EXTRACTED DATA:
"""

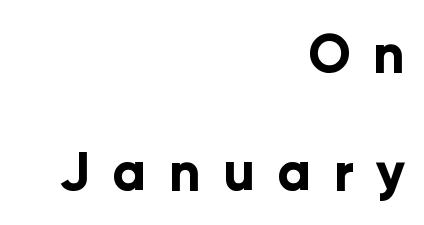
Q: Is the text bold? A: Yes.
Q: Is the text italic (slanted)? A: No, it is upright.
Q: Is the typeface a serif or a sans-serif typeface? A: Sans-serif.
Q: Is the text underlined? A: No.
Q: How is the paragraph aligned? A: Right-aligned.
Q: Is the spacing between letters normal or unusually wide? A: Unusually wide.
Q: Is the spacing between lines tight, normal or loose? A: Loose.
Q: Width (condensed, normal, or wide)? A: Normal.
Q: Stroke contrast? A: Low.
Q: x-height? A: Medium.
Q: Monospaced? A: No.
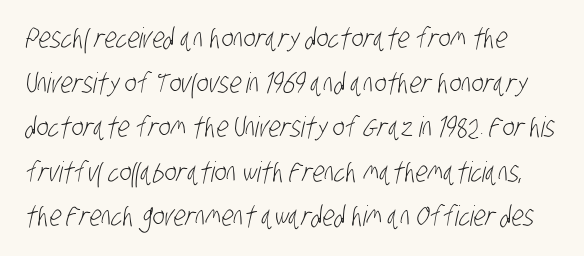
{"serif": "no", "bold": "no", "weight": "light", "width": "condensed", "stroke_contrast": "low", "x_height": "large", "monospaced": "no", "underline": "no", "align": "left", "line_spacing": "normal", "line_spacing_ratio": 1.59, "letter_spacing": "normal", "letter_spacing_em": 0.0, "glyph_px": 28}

"""
"""

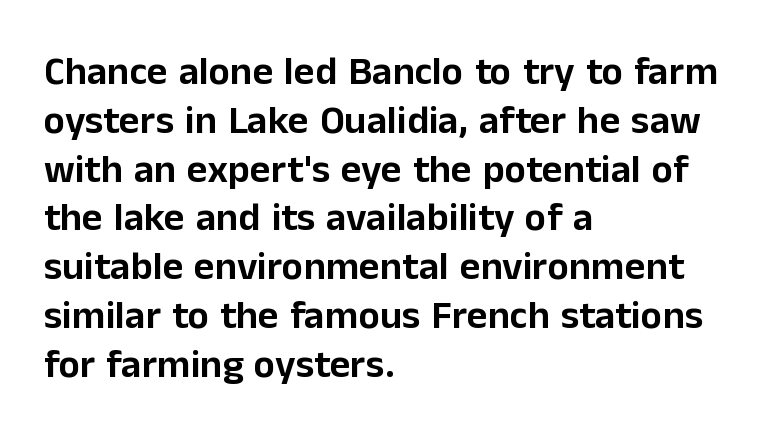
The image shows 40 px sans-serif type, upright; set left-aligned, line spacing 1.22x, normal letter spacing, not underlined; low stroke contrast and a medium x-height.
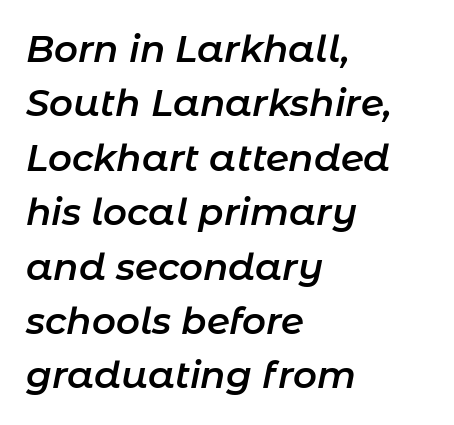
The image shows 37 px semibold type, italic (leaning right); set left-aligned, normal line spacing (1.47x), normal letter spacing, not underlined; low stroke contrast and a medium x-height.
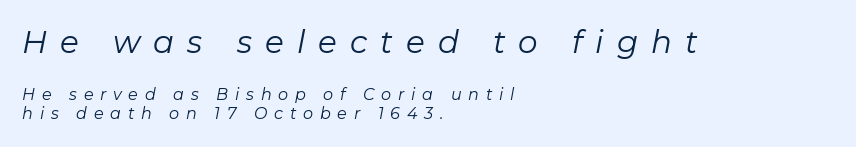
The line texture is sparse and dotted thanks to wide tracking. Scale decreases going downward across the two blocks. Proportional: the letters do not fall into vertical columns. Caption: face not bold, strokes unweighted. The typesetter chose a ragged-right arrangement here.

"""

WHAT IS BEING ASKED: A verbatim transcription is needed of the lines above, starting at the line with "Q: Is the text bold? A: Yes." and ending at the line with "Q: How is the", both included, and of nothing else.

ANSWER TO THIS TASK:
Q: Is the text bold? A: Yes.
Q: Is the text italic (slanted)? A: No, it is upright.
Q: Is the typeface a serif or a sans-serif typeface? A: Sans-serif.
Q: Is the text underlined? A: No.
Q: How is the paragraph aligned? A: Right-aligned.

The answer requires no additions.